Cumberbatch added: “Children are an immediate panacea for anything at work. They are a present tense focus. You have to give everything back to them.
“So yes, it was taking it on and then taking it off again at the beginning and end of the day.”
‘The monsters are not where you think’
There is a giant, fluffy monster that follows Cumberbatch around New York, yes, but the series also highlights some major social issues.
“The monsters are not where you think they are,” the show’s creator Abi Morgan said.
“I’d grown up… in theatres, my dad ran theatres, so I wanted to kind of create what it was like to live with a creative maverick in the way that Vincent Hanson, played by Benedict, is.”
She says when she was 18, she spent time looking after a child in New York and wanted to bring those two worlds together.
The Welsh screenwriter says when McKinley Belcher III came on board to play Detective Michael Ledroit, the story was brought to a whole new level.

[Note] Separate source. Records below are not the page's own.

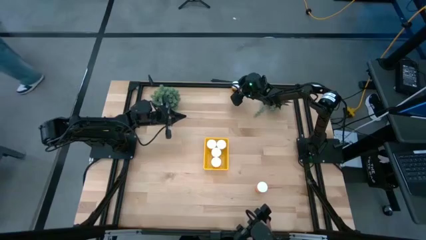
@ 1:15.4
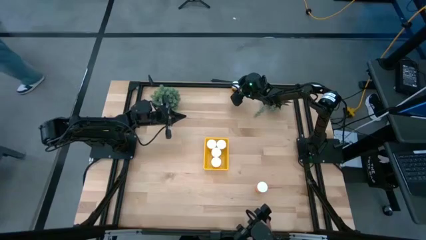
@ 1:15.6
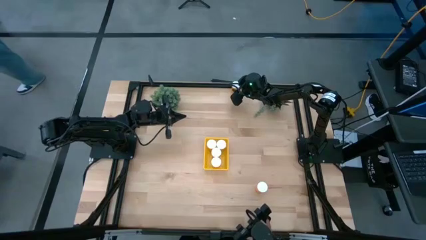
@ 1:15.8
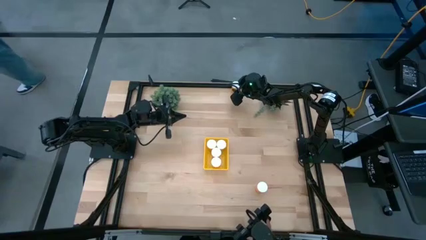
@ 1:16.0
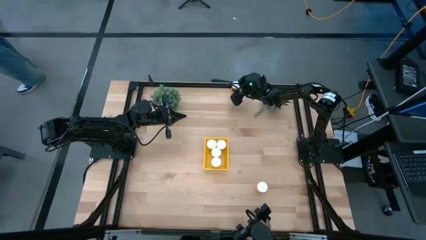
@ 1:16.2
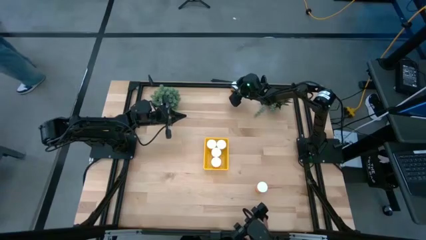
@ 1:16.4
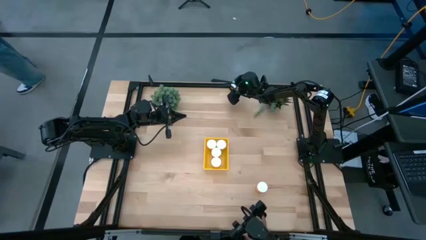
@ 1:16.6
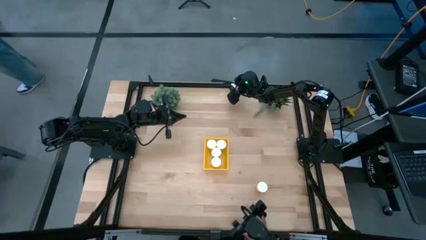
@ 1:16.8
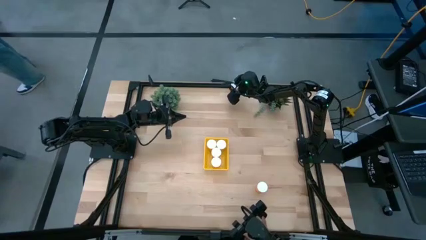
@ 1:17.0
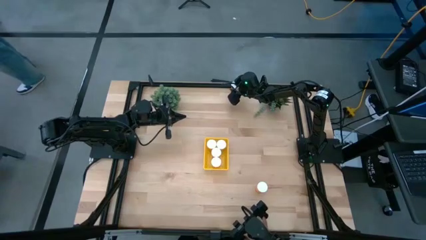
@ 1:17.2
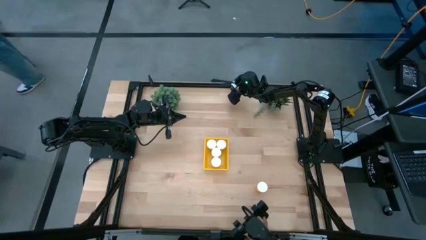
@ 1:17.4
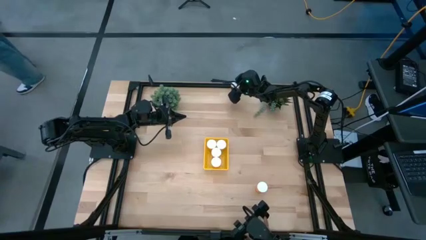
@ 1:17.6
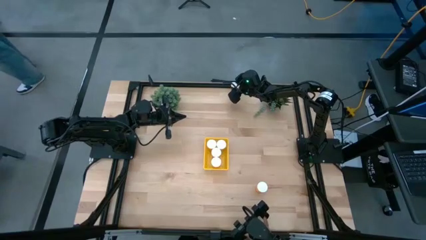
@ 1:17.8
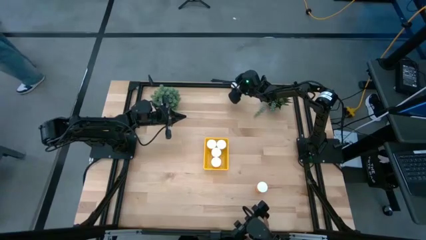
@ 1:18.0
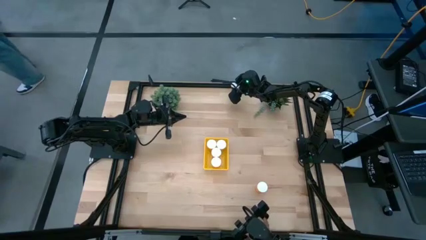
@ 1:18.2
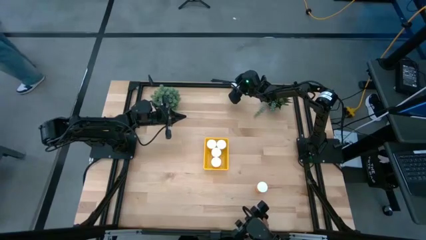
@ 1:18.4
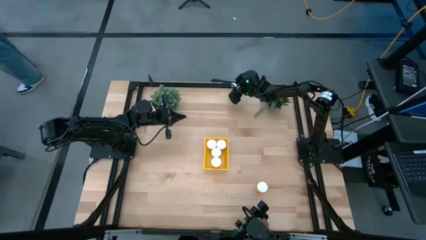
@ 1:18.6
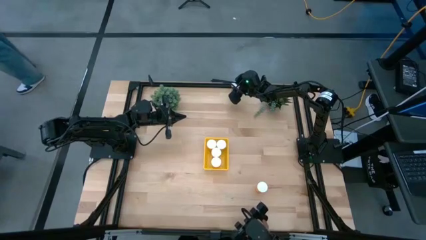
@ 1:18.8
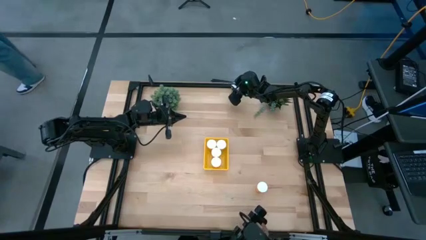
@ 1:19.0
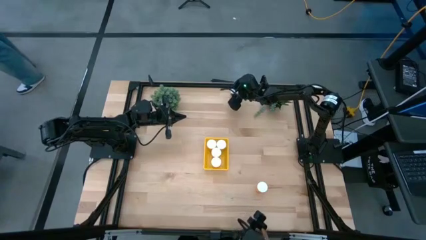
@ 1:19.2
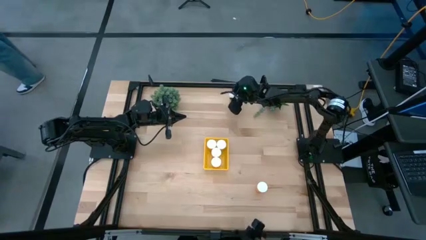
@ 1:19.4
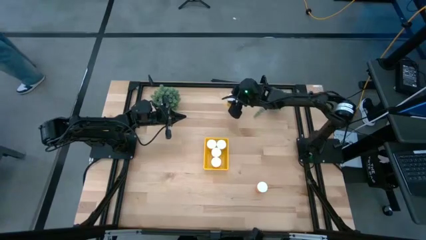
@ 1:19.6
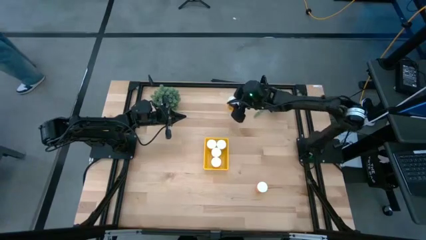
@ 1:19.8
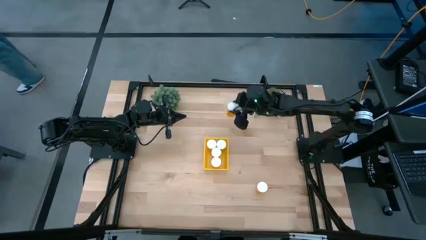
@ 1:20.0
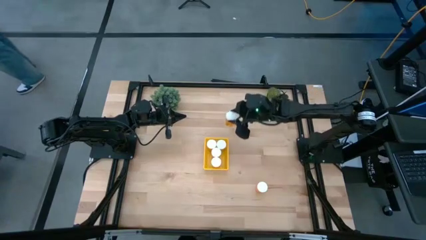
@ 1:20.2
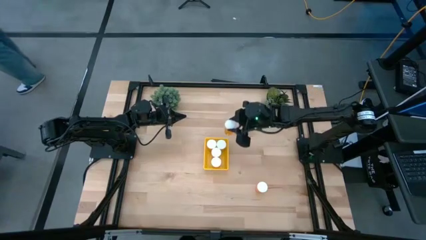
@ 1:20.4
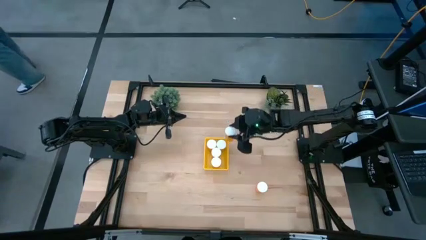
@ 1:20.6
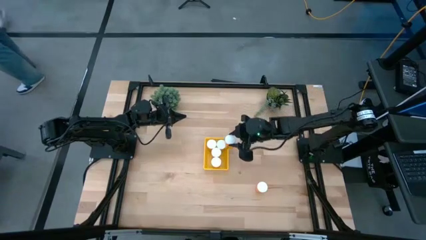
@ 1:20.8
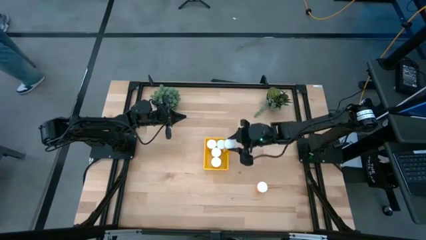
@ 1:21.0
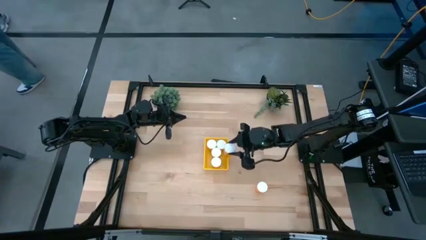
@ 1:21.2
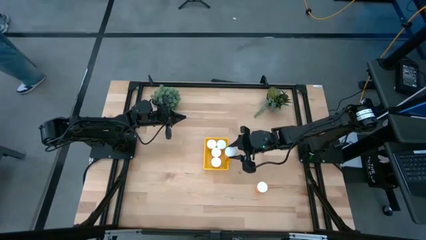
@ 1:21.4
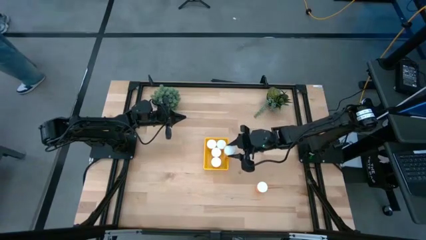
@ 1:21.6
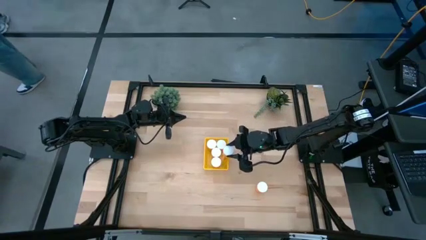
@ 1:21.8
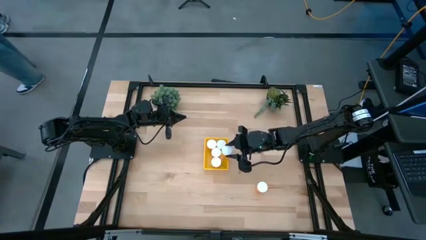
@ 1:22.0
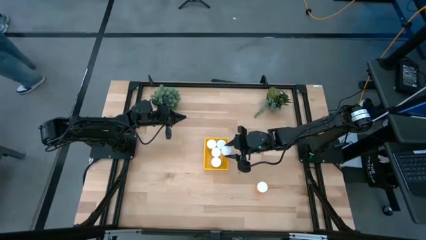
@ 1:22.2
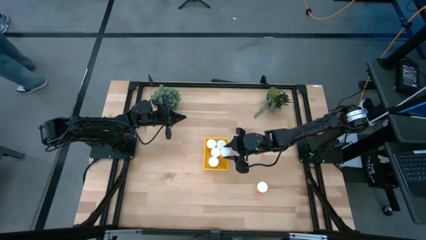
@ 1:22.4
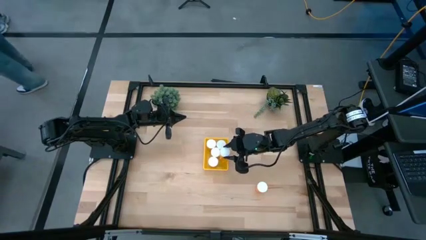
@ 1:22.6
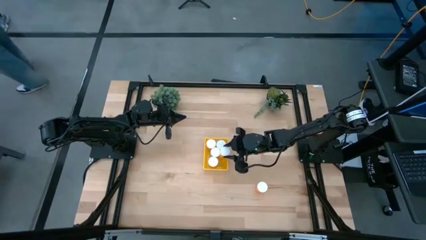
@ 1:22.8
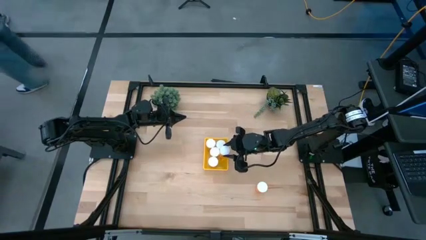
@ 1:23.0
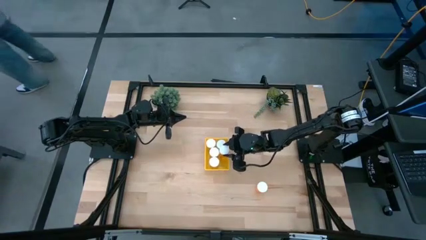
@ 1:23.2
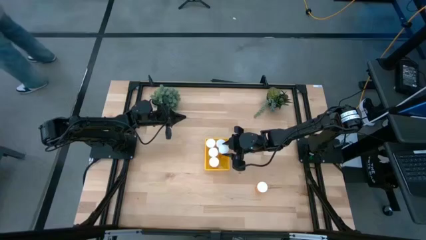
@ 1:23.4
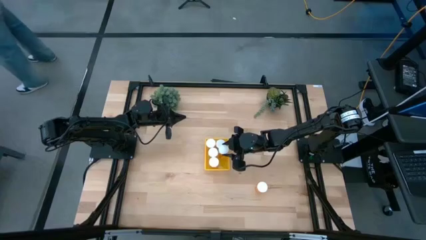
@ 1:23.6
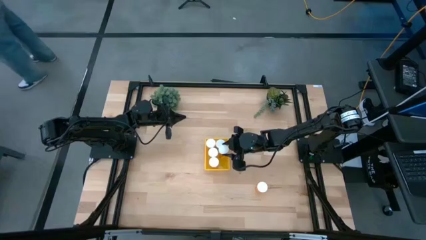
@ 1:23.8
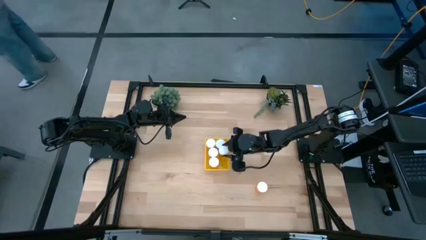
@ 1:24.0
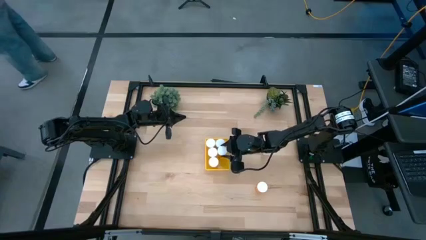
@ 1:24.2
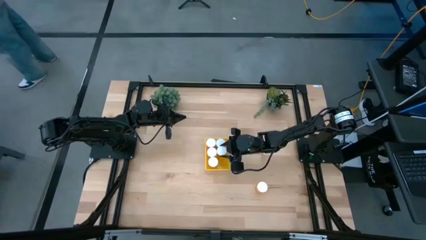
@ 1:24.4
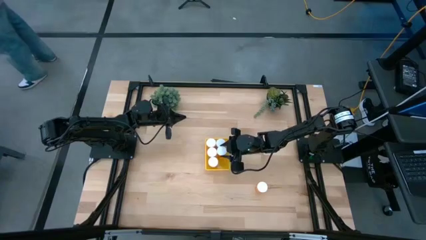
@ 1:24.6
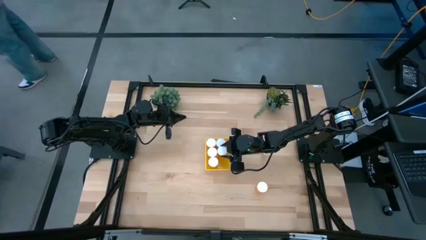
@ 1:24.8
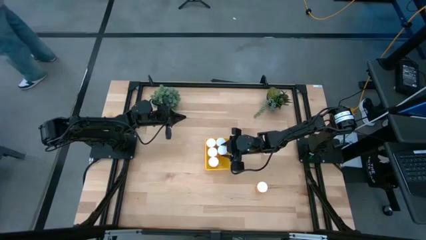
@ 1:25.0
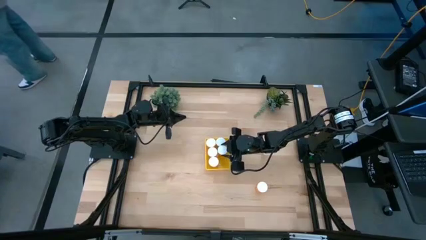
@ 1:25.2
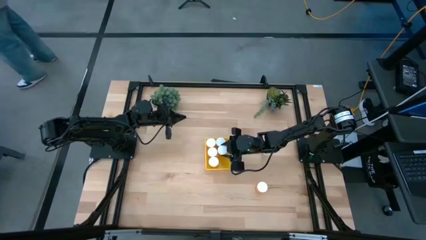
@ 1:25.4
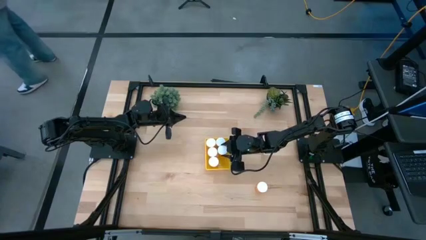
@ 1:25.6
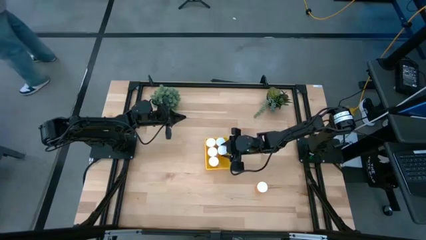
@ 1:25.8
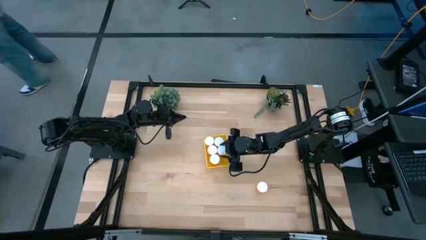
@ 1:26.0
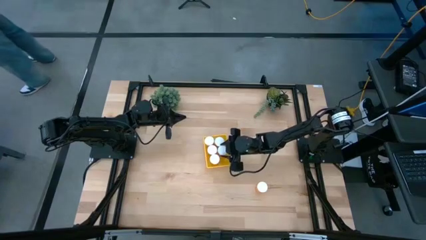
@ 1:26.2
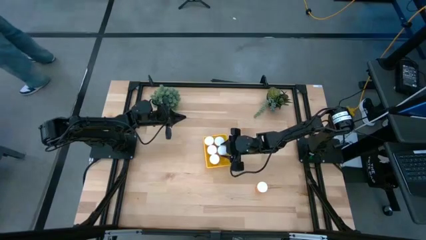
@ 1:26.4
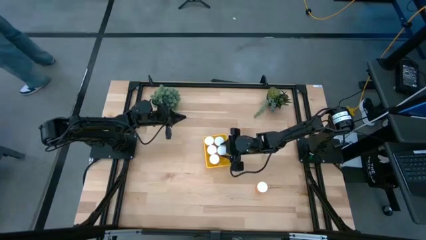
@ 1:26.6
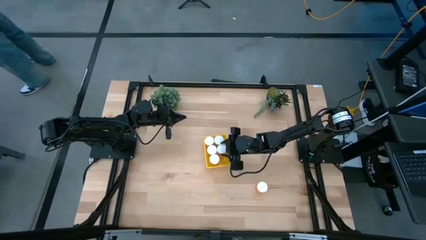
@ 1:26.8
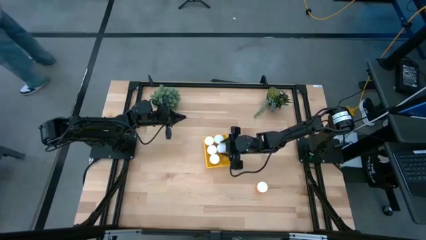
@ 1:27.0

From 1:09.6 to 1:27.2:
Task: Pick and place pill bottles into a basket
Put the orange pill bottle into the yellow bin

“It was really seeing McKinley’s performance that made me think there’s something really important that seemed to evolve about what it meant to be, black and gay in New York at the time.”
She added: “Obviously, we had the AIDS pandemic, but we also had, at that time, huge homophobia, and institutional racism in so many areas of New York and yet it also seemed such a diverse and vibrant city.
“I guess that was something that became more and more apparent to me as a theme and an important issue to really come back within the storytelling.”
Belcher said the opportunity to play such a significant role felt like a gift, and it “definitely did stay with me in some ways”.
He said it was a joy to “play a whole human,” away from the function of the plot, and “to get to wrestle with a lot of that human stuff and, to get to tackle what it would really feel like to be a black queer man in the 80s and all the things that he’s wrestling with”.
Bridget Jones: Mad About The Boy
Morgan has already had huge success in the writing world.
She received an OBE in 2018 for services to theatre and screenwriting and has created TV shows like The Split as well as the 2011 Margaret Thatcher biopic The Iron Lady starring Meryl Streep and the 2015 Carey Mulligan film Suffragette.
In addition to Eric, she was recently part of the writing team behind the upcoming Bridget Jones film, Bridget Jones: Mad About The Boy.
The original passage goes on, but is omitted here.